Microprocessor Design/Basic Theory
This basic theory of microchip briefly describes the microchip's architecture by using a "goods truck analogy".
We can imagine the whole microchip itself as a giant city. We also assume that the city itself imports the goodies from Input and also export the goodies to the Outputs. In between the city, there are many highways connecting to the parts between the cities to process. The trucks are carrying goods across and through the city.
The first limit is obviously the speed of the delivery trucks. If the trucks can deliver faster, it will also deliver a lot more goodies across the city such as 2.0 million tonnes of goods per year (think of this in terms of 2.0Ghz ) compared to 2.5 million tonnes of goods per year (again, think of this in terms of 2.5Ghz). This is analogous to the 2.5 Ghz CPU which can process more data than 2.0 Ghz CPU.
However, there is a limit to how fast a delivery truck can drive on the highway; if the driver goes too fast, he might lose some of his cargo unexpectedly, or he might even crash. So, the speed of a single delivery truck is limited by the safety of the road. (Think this terms as clocking speed)
There are ways to make the highway safer such as make all the turns wider, construct guardrails, make the asphalt smoother, ensures there are no debris on the road ,etc., and by doing so will safely increase the maximum speed of the delivery trucks.
New fabrication processes also let you fit more transistors in a given space, which in turns gives you the space needed to implement a lot of the complicated logical structures. Any contaminants that land on the wafer will damage the chips. This also explains why the clean room which is used to fabricate the CPU is very clean (have very low count of parts per million per cubic meters).

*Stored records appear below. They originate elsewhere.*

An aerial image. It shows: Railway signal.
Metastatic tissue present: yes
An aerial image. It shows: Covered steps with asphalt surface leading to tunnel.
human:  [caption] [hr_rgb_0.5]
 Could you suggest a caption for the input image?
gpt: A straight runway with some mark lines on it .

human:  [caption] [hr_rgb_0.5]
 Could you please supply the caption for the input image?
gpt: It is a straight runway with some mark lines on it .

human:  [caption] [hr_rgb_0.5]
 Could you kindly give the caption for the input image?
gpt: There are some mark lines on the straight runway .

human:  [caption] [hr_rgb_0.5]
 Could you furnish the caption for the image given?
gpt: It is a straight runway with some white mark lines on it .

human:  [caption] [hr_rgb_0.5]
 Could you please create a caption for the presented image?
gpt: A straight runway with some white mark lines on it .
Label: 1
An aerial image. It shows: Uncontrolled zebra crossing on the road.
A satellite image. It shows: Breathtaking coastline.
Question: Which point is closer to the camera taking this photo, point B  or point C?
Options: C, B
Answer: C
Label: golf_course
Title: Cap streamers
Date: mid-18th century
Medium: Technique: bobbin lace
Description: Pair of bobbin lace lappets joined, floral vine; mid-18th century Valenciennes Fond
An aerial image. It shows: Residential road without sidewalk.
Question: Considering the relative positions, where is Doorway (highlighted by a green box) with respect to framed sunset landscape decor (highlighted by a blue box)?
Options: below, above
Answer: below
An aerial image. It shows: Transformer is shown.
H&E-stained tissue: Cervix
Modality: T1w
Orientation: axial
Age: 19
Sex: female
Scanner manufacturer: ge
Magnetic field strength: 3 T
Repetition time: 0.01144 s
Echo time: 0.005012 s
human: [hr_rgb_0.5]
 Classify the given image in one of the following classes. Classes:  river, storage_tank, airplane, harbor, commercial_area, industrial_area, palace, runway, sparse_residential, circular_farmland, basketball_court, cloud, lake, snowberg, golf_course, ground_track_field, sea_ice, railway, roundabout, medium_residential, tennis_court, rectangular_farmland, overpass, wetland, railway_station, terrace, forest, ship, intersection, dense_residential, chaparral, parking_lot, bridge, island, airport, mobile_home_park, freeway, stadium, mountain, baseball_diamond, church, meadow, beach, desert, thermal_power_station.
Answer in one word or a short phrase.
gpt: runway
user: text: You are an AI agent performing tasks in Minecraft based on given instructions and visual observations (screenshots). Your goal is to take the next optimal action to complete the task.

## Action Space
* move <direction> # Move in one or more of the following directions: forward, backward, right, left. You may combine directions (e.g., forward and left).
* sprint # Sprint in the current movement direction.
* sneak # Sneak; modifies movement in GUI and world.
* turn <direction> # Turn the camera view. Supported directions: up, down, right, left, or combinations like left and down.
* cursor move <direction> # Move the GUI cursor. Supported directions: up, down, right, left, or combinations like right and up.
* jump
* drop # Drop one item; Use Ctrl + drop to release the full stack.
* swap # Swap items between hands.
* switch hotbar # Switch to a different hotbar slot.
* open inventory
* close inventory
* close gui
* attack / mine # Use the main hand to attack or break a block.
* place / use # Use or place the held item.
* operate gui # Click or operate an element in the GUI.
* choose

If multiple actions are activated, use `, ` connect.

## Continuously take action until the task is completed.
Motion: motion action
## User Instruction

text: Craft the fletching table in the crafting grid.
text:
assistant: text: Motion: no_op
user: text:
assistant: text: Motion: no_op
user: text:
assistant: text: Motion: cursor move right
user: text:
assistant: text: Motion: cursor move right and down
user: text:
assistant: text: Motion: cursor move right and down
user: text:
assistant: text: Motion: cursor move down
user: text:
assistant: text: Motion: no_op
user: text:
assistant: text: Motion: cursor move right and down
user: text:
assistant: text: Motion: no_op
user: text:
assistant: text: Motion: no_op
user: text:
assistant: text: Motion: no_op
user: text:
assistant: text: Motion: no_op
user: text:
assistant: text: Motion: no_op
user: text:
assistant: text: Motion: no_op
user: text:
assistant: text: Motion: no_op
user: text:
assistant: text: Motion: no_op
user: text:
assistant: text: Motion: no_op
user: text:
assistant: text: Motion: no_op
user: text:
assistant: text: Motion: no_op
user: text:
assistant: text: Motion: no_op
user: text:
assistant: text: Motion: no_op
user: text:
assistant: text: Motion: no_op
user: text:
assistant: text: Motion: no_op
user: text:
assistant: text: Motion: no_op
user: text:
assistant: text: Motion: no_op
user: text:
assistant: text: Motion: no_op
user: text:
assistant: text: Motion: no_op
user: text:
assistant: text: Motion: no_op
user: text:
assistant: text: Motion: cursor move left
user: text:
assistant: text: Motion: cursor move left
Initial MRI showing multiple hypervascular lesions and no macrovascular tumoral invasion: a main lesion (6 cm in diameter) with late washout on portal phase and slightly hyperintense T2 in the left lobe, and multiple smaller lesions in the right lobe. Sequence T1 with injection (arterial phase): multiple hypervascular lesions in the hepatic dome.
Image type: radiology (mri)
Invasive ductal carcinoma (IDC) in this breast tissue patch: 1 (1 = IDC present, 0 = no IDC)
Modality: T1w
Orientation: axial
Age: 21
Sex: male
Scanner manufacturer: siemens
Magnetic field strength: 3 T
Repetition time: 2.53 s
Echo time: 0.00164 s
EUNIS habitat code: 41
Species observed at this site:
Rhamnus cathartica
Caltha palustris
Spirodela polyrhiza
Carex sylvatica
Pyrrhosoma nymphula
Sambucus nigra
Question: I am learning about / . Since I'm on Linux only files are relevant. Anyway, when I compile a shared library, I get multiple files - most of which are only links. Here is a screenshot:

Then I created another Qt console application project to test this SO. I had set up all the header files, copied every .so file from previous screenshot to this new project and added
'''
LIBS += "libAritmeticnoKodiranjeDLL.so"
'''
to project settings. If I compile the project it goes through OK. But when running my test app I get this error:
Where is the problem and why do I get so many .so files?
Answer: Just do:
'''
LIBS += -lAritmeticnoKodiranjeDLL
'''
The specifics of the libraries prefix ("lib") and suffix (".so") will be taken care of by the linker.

If there is one truck operating across the city, the pending deliveries need to wait for the truck to come back from its previous destination before the orders can proceed. Therefore, the more trucks there are in standby, the faster the delivery process and thus creating lesser waiting time.
This is analogous to pipelining where the different tasks a processor has to carry out are split into separate "jobs", and when an instruction moves from one piece of the pipeline to the next, a new instruction can be started before the first instruction is totally finished.
A four laned road can carry more capacity of trucks compared to a road with a single lane . If the one lane is busy, the other 3 lanes can share the traffic load simultaneously to prevent the traffic jam.
This is analogous to multi cores where the each lane represent a core and more cores lead to parallel processing. If the main core is too constrained for its processing power, the other secondary cores can help to lighten the computing job of the main cores.
32 bits and 64 bits architecture
A 2 tonne truck is able to carry more load than a 1 tonne truck.
This is analogous to 64 bits architectures that are able to provide more memory space to the processor compared to 32 bits architectures. (4GB of memory) compared to 64 bits (4PB, 4 million GB).
To increase the efficiency, the warehouse is fit with the loading bay where the most popular goods are loaded first while waiting for truck to came back from deliveries.
This is analogous to *cache*. Accessing RAM is often a (relatively) slow operation, so the larger the processor's cache, the less often a processor has to access RAM for the data it needs. There are actually 3 levels of cache in most modern processors, and each level is much smaller but much faster than the previous level.